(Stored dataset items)
• • • •

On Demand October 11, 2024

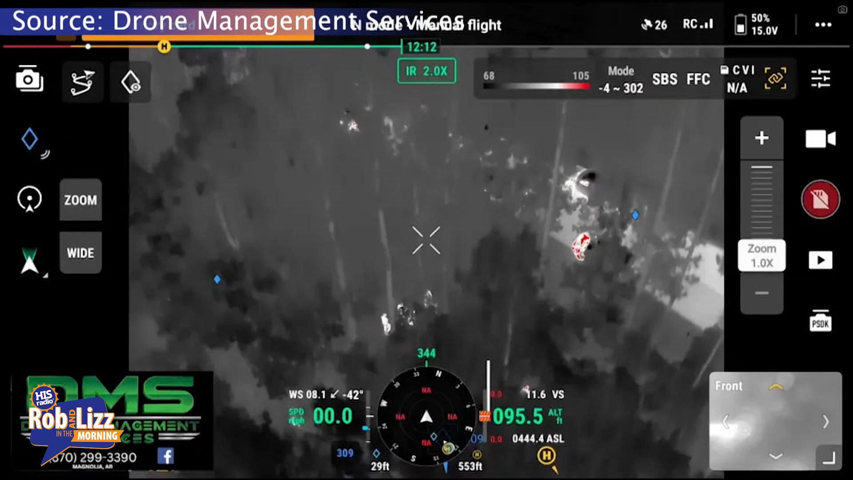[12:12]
Oh, my goodness. Yeah. And so they were able to pinpoint her.
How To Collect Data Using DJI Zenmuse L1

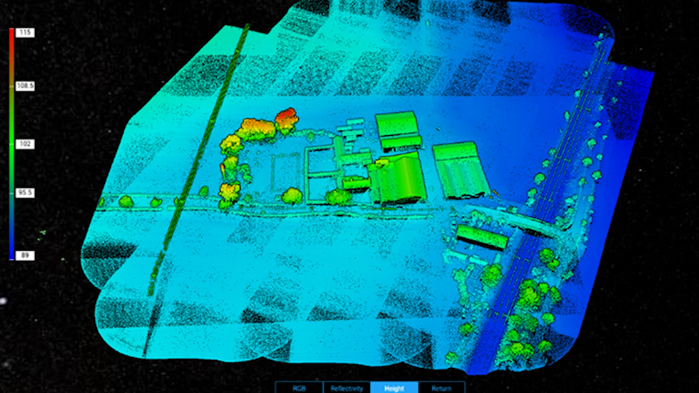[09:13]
Therefore, RGB colouring does not need to be enabled on the smart controller.
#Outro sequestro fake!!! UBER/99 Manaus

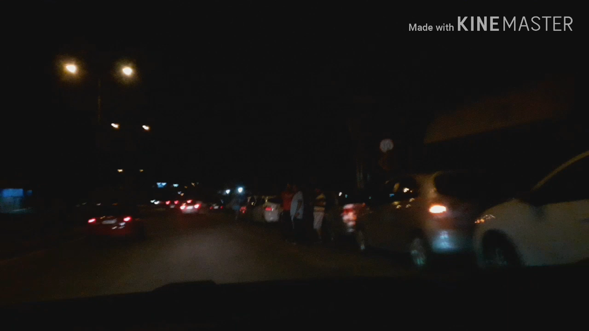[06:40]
Tentando voltar Que agora... Quebrou toda a nossa sequência Que a gente tava trabalhando Tudo aí a galera... Do outro lado aqui Tem mais um monte parado Mas o bom é isso aí É isso que... Você participar de uma equipe É isso E aquela parte do comprometimento Que a gente sempre fala O pai tá tremendo aí Porque a rua aqui não tá legal, não
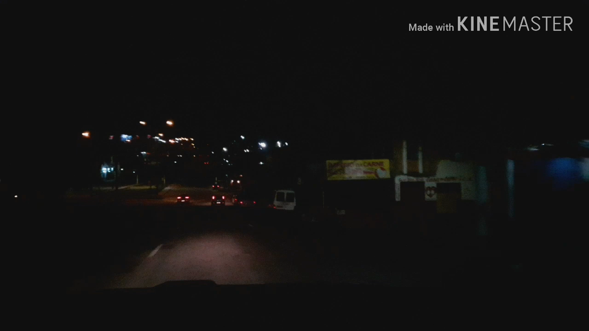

• • • •

### What the task requires
Print the entries as they stand, first line through the line holding "#Outro sequestro fake!!! UBER/99 Manaus", with every picture removed.

### Answer
On Demand October 11, 2024

[12:12]
Oh, my goodness. Yeah. And so they were able to pinpoint her.
How To Collect Data Using DJI Zenmuse L1

[09:13]
Therefore, RGB colouring does not need to be enabled on the smart controller.
#Outro sequestro fake!!! UBER/99 Manaus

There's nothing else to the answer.